Two in three healthcare leaders and professionals from across India have expressed concerns that their technology infrastructure might not be sufficient to prevent cyber threats, according to a survey from Grant Thornton Bharat and the Association of Healthcare Providers in India (AHPI).

The report noted that India has successfully embraced the digital mindset in the last decade, but the primary factor fundamental to digitalisation is the availability of technology tools that facilitate the creation of smart hospital infrastructure.

“For a large and diverse country like India, developing accessible and affordable healthcare facilities is the biggest challenge, creating an opportunity for private players,” the report stated.

Meanwhile, two in five feel that their technology infrastructure can already ensure the data privacy of their patients.

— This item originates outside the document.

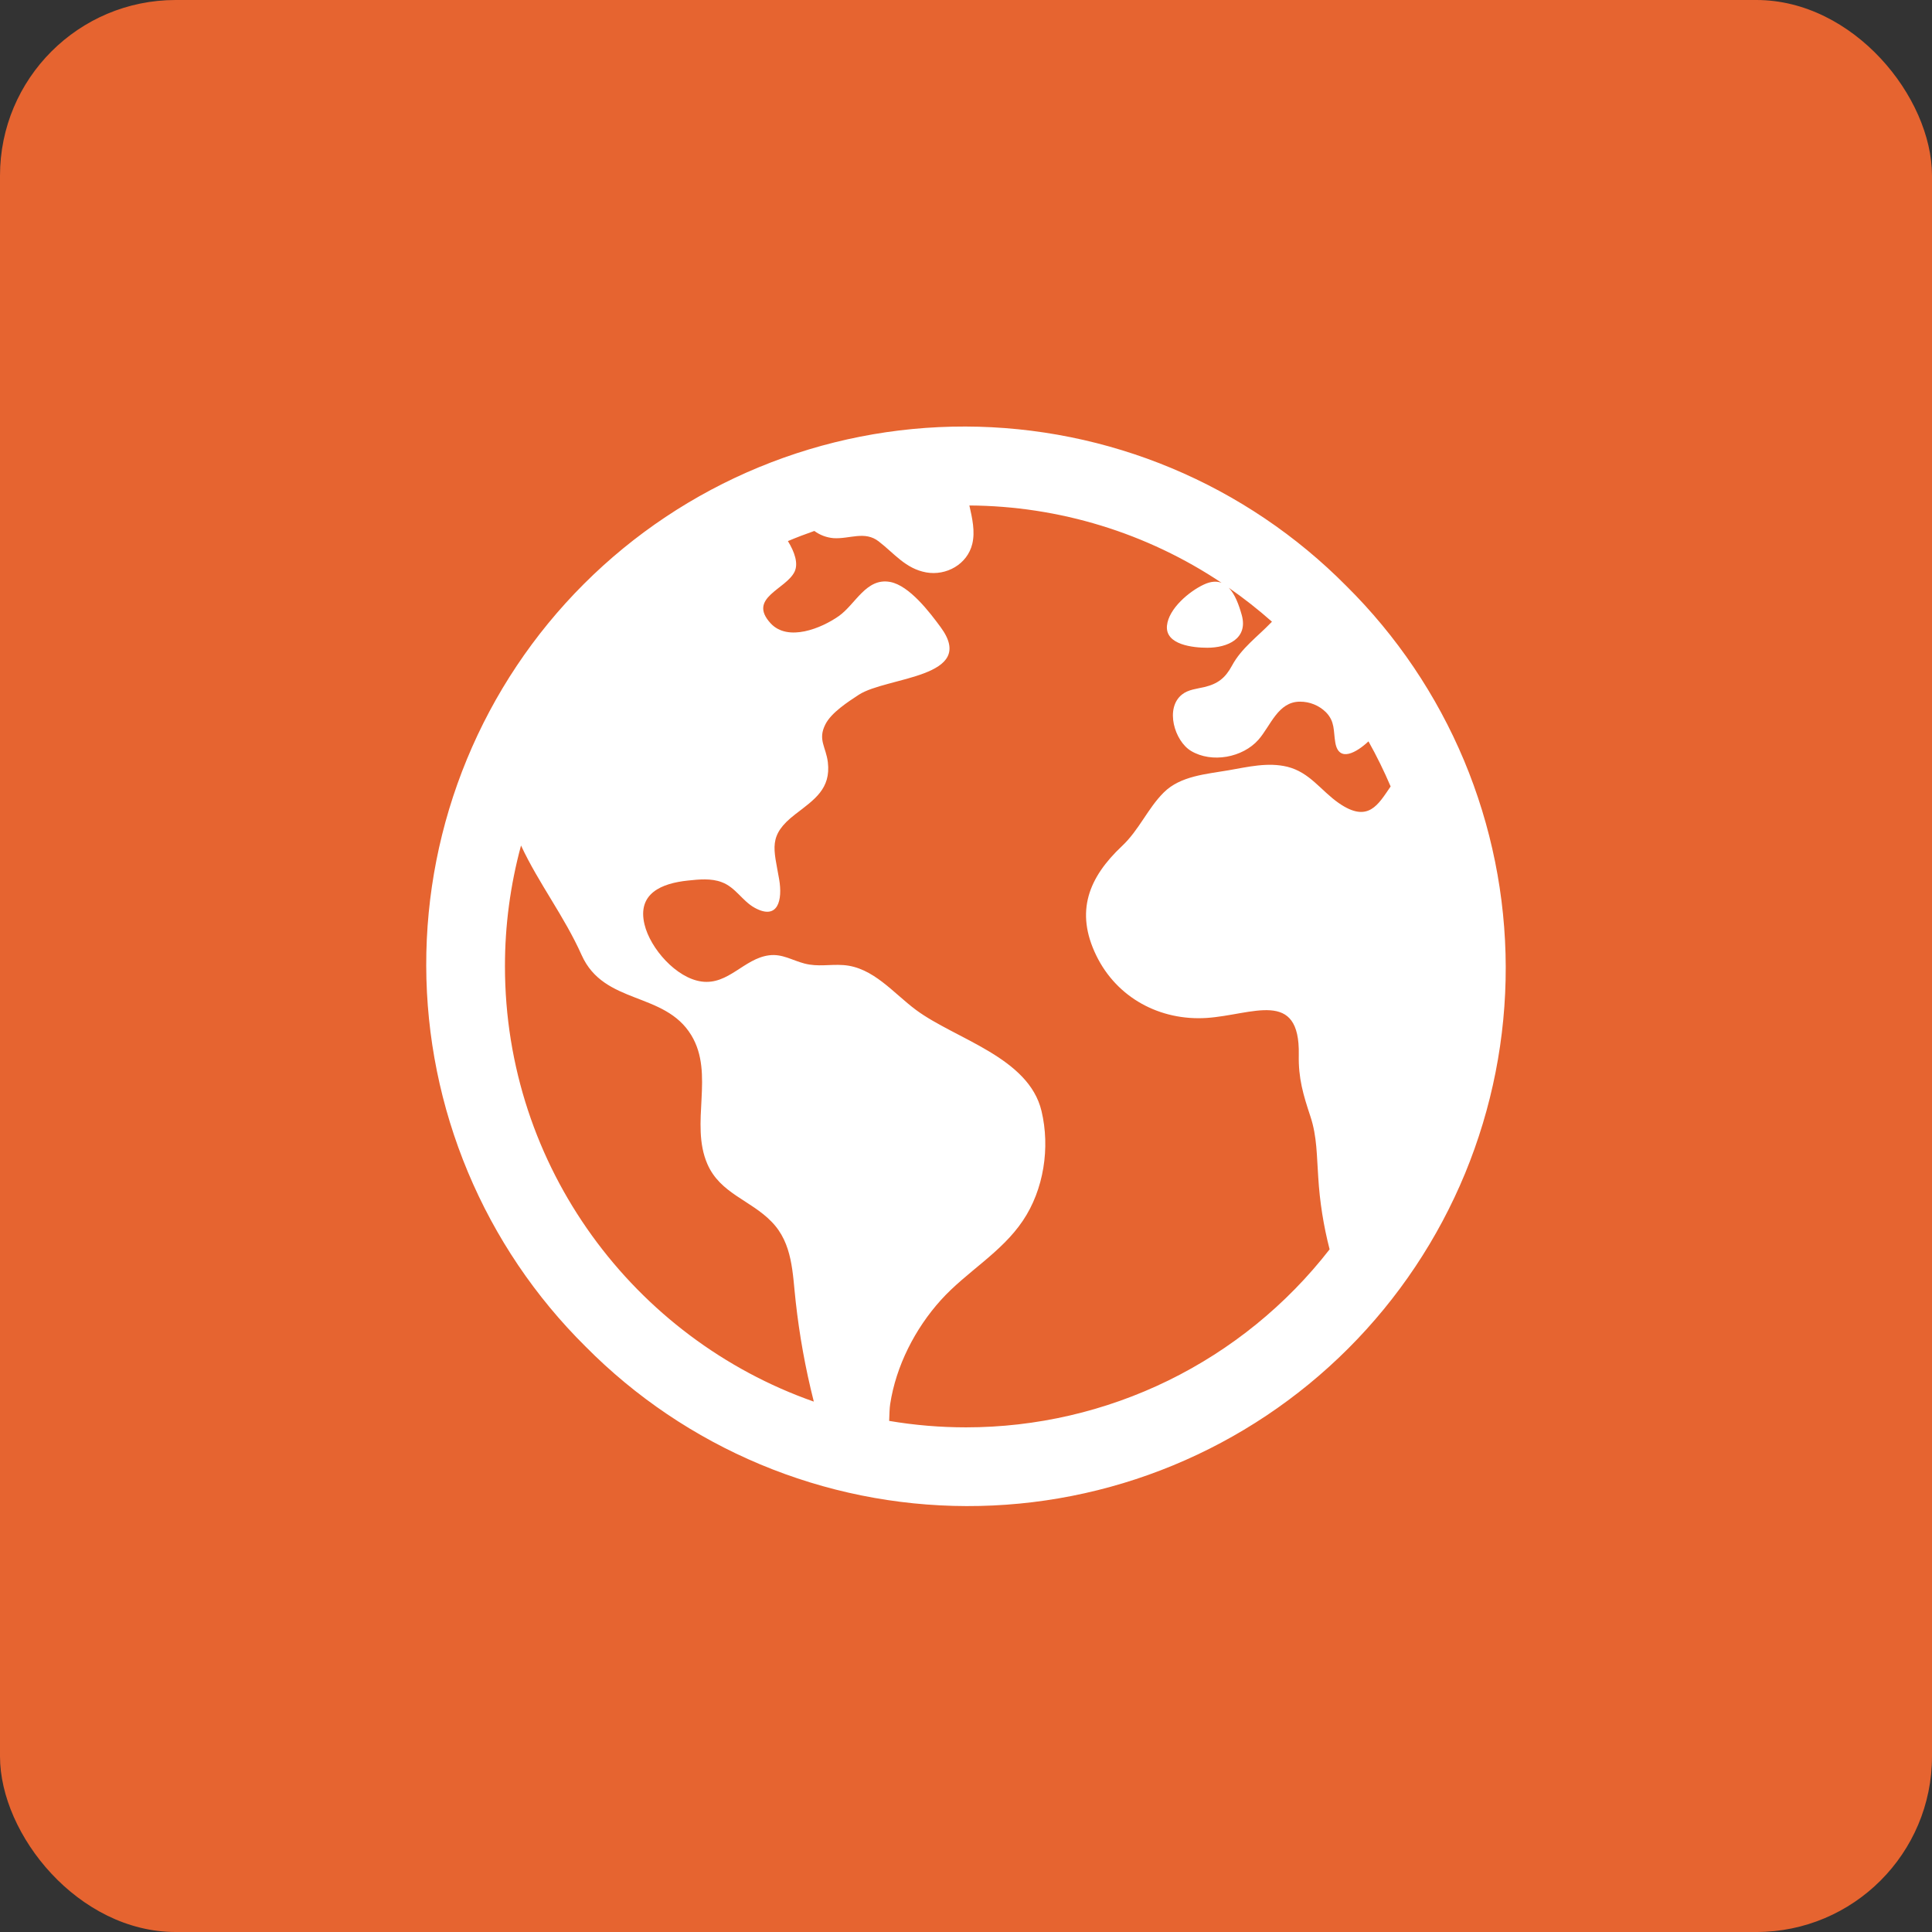 <svg width="44" height="44" viewBox="0 0 44 44" fill="none" xmlns="http://www.w3.org/2000/svg">
<rect x="0" y="0" width="44" height="44" fill="#333333" stroke="none"/>
<rect width="44" height="44" rx="4" fill="#E66430"/>
<path d="M30.662 13.345C29.526 12.198 28.175 11.287 26.687 10.664C25.198 10.041 23.601 9.718 21.987 9.714C20.373 9.71 18.775 10.025 17.283 10.641C15.791 11.257 14.436 12.161 13.295 13.302C12.154 14.443 11.249 15.799 10.634 17.29C10.018 18.782 9.703 20.381 9.707 21.994C9.711 23.608 10.034 25.205 10.657 26.694C11.28 28.183 12.191 29.534 13.338 30.669C14.473 31.816 15.824 32.727 17.313 33.35C18.801 33.973 20.398 34.296 22.012 34.3C23.626 34.304 25.225 33.989 26.716 33.373C28.208 32.757 29.563 31.853 30.704 30.712C31.846 29.571 32.75 28.215 33.366 26.724C33.981 25.232 34.296 23.633 34.292 22.02C34.288 20.406 33.965 18.809 33.343 17.32C32.719 15.831 31.808 14.48 30.662 13.345ZM11.5 22.007C11.499 21.078 11.623 20.152 11.866 19.256C12.268 20.12 12.851 20.866 13.247 21.753C13.759 22.892 15.135 22.576 15.743 23.575C16.282 24.461 15.706 25.582 16.11 26.51C16.403 27.183 17.094 27.33 17.571 27.823C18.058 28.319 18.048 28.999 18.122 29.647C18.206 30.408 18.342 31.162 18.53 31.904C18.53 31.909 18.53 31.915 18.534 31.921C14.442 30.484 11.5 26.583 11.5 22.007ZM22 32.507C21.413 32.507 20.828 32.458 20.25 32.36C20.256 32.212 20.258 32.074 20.273 31.978C20.406 31.108 20.841 30.258 21.429 29.607C22.009 28.965 22.804 28.531 23.294 27.802C23.774 27.091 23.918 26.134 23.72 25.304C23.429 24.076 21.761 23.667 20.862 23.001C20.345 22.618 19.886 22.027 19.207 21.979C18.894 21.957 18.632 22.024 18.322 21.944C18.038 21.87 17.814 21.717 17.512 21.757C16.945 21.831 16.588 22.436 15.98 22.354C15.403 22.277 14.809 21.602 14.678 21.052C14.509 20.346 15.068 20.116 15.667 20.054C15.917 20.027 16.197 19.999 16.437 20.091C16.753 20.208 16.903 20.517 17.187 20.674C17.719 20.966 17.826 20.499 17.745 20.027C17.623 19.319 17.481 19.031 18.112 18.544C18.549 18.208 18.924 17.965 18.854 17.362C18.812 17.008 18.618 16.847 18.799 16.494C18.936 16.226 19.313 15.984 19.558 15.823C20.192 15.41 22.274 15.441 21.423 14.284C21.173 13.944 20.712 13.337 20.275 13.254C19.728 13.15 19.485 13.761 19.104 14.03C18.71 14.308 17.944 14.624 17.549 14.194C17.019 13.615 17.901 13.425 18.096 13.02C18.186 12.832 18.096 12.57 17.944 12.323C18.141 12.24 18.342 12.163 18.546 12.092C18.673 12.186 18.825 12.243 18.983 12.256C19.349 12.28 19.694 12.082 20.013 12.331C20.368 12.605 20.623 12.95 21.093 13.036C21.549 13.118 22.03 12.853 22.143 12.387C22.211 12.104 22.143 11.805 22.077 11.512C24.123 11.524 26.119 12.136 27.82 13.273C27.71 13.232 27.579 13.237 27.418 13.312C27.086 13.466 26.616 13.859 26.577 14.248C26.533 14.69 27.185 14.752 27.494 14.752C27.959 14.752 28.43 14.544 28.28 14.007C28.215 13.774 28.126 13.532 27.984 13.386C28.327 13.624 28.655 13.882 28.968 14.159C28.963 14.164 28.958 14.168 28.953 14.174C28.638 14.502 28.272 14.761 28.057 15.161C27.905 15.442 27.734 15.575 27.426 15.648C27.256 15.688 27.063 15.703 26.921 15.816C26.524 16.128 26.75 16.877 27.125 17.102C27.599 17.386 28.302 17.253 28.66 16.847C28.939 16.53 29.104 15.979 29.607 15.98C29.828 15.979 30.041 16.066 30.198 16.221C30.406 16.436 30.365 16.638 30.41 16.907C30.488 17.385 30.909 17.126 31.166 16.884C31.353 17.217 31.521 17.56 31.671 17.911C31.389 18.317 31.165 18.76 30.486 18.287C30.08 18.003 29.83 17.591 29.32 17.463C28.874 17.354 28.417 17.467 27.977 17.543C27.477 17.63 26.883 17.669 26.504 18.048C26.137 18.413 25.943 18.902 25.552 19.269C24.797 19.98 24.478 20.756 24.967 21.761C25.437 22.727 26.421 23.252 27.483 23.183C28.526 23.113 29.609 22.509 29.579 24.024C29.568 24.56 29.68 24.932 29.845 25.43C29.997 25.889 29.987 26.334 30.022 26.809C30.055 27.364 30.142 27.915 30.281 28.453C29.301 29.715 28.045 30.736 26.61 31.439C25.174 32.142 23.598 32.507 22 32.507Z" fill="white"/>
</svg>

READ MORE: India’s AI centres to drive significant growth in medical devices market

Around 84% of healthcare leaders and professionals associated with hospitals of different sizes, specialities and locations have expressed plans to significantly raise their budget on digital solutions and technology initiatives in the next 12 months.

Four in five also plan to leverage 5G to drive healthcare outcomes.

Healthcare companies need to invest significantly in technology to address cybersecurity threats and data privacy issues, the report stated.

Digital transformation in the healthcare sector is happening at a fast pace, the report noted. For example, specialist doctor consultations are now available in lower-tier cities and rural areas in India – something that was considered unthinkable a few years ago.

More than 60% of the respondents said they had also implemented various technology tools such as health information management systems (HIMS), electronic health records (EHR) and electronic medical records (EMR).

Despite the pace of change, telemedicine revenue still accounts for only less than 5% of over 75% of the survey participants.

“As India moves ahead with the agenda of universal health coverage, technology will be a crucial lever to drive accessibility, availability and affordability,” the report stated.